* _Problem statement_
Although the records contain pictures, only their text should be repeated, exactly as it stands.

(Dataset records)
-.-.-
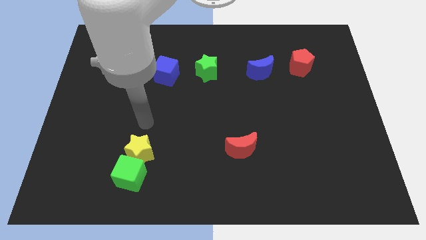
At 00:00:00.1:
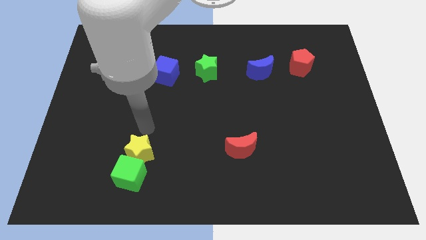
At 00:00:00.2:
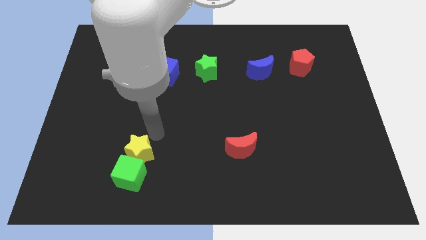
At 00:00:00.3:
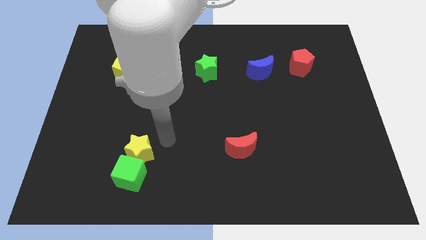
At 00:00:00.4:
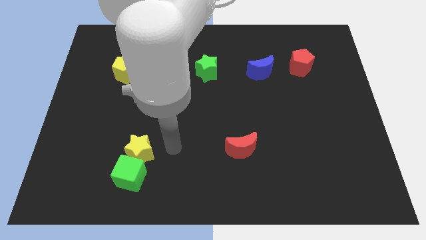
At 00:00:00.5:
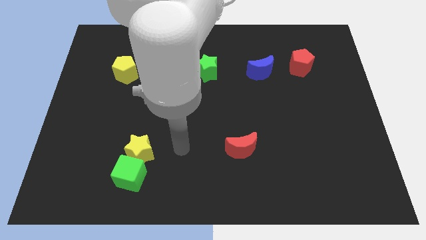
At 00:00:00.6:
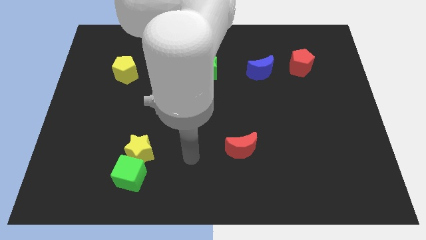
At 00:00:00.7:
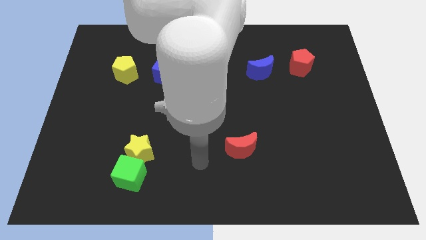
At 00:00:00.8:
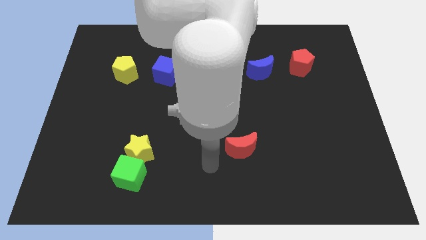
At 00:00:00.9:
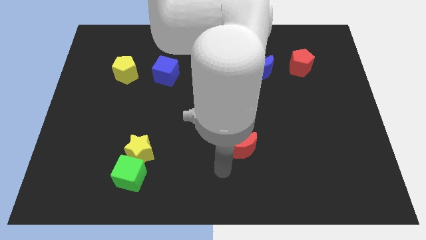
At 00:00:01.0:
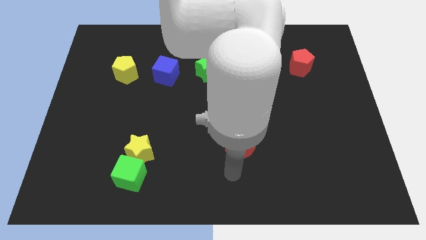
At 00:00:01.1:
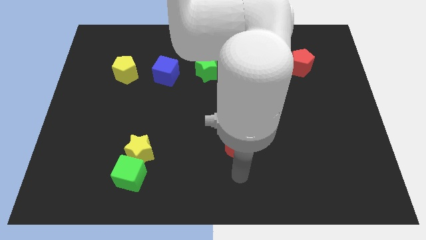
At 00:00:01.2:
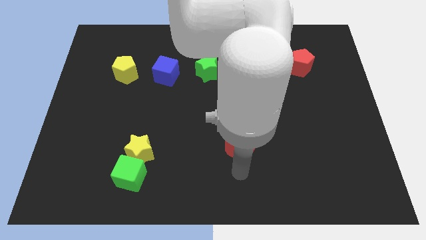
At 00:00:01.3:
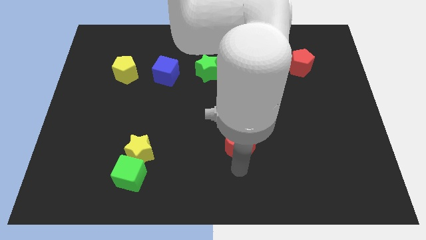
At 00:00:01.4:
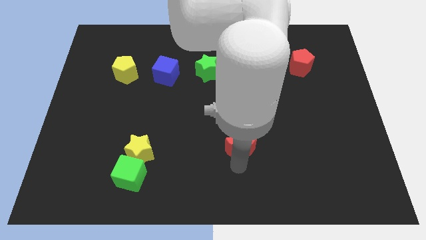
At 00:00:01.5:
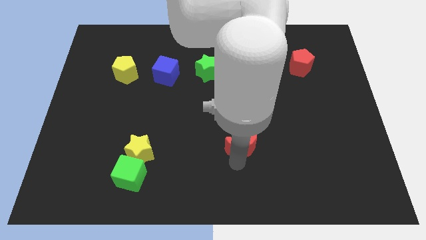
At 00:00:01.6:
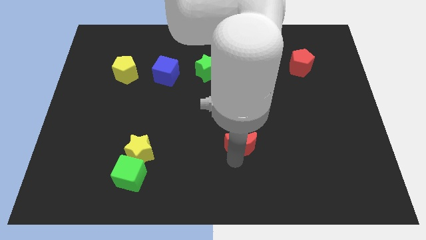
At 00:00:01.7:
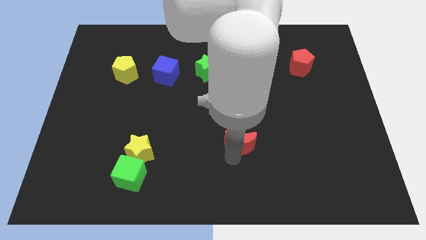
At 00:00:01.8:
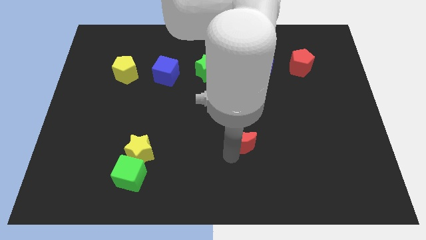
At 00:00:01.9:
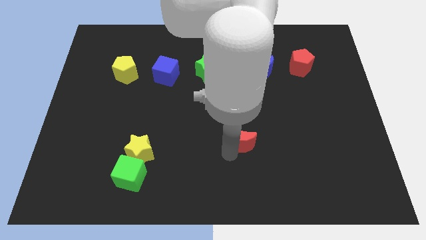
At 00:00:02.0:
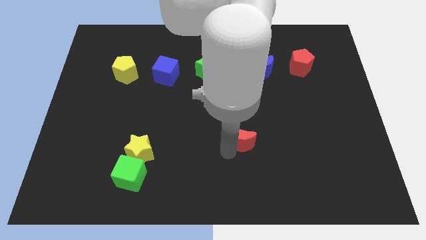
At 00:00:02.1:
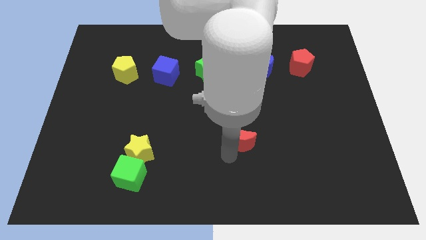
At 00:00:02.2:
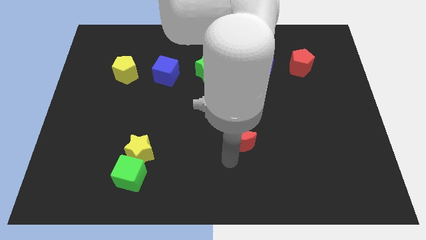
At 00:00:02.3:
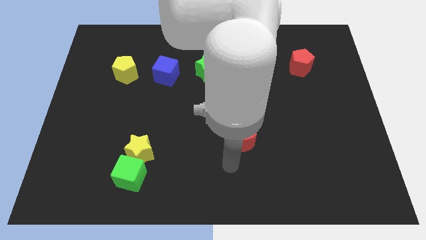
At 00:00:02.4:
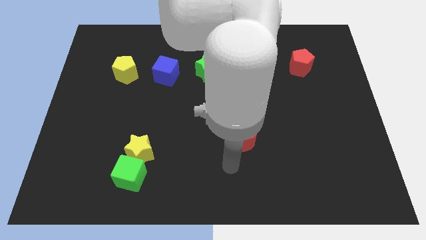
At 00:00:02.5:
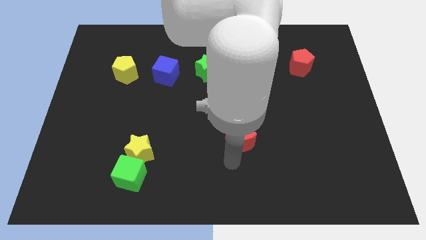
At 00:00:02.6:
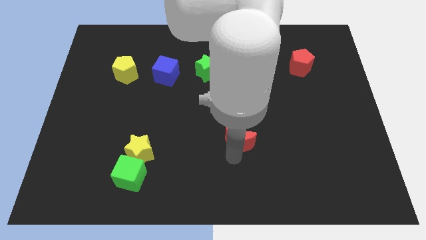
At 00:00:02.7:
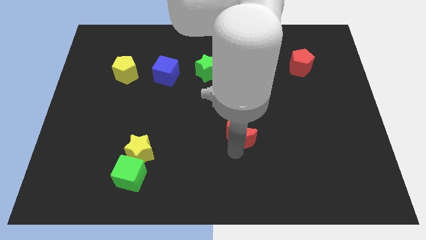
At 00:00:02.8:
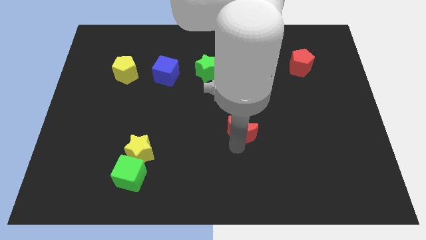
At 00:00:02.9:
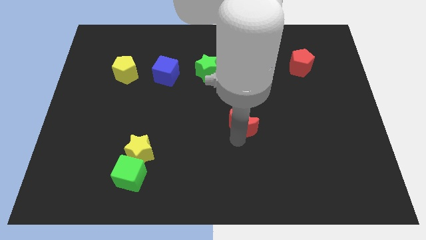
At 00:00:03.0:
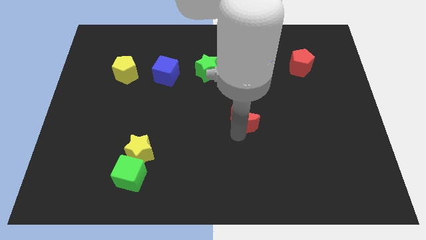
-.-.-
* _Your response_
At 00:00:00.1:
At 00:00:00.2:
At 00:00:00.3:
At 00:00:00.4:
At 00:00:00.5:
At 00:00:00.6:
At 00:00:00.7:
At 00:00:00.8:
At 00:00:00.9:
At 00:00:01.0:
At 00:00:01.1:
At 00:00:01.2:
At 00:00:01.3:
At 00:00:01.4:
At 00:00:01.5:
At 00:00:01.6:
At 00:00:01.7:
At 00:00:01.8:
At 00:00:01.9:
At 00:00:02.0:
At 00:00:02.1:
At 00:00:02.2:
At 00:00:02.3:
At 00:00:02.4:
At 00:00:02.5:
At 00:00:02.6:
At 00:00:02.7:
At 00:00:02.8:
At 00:00:02.9:
At 00:00:03.0:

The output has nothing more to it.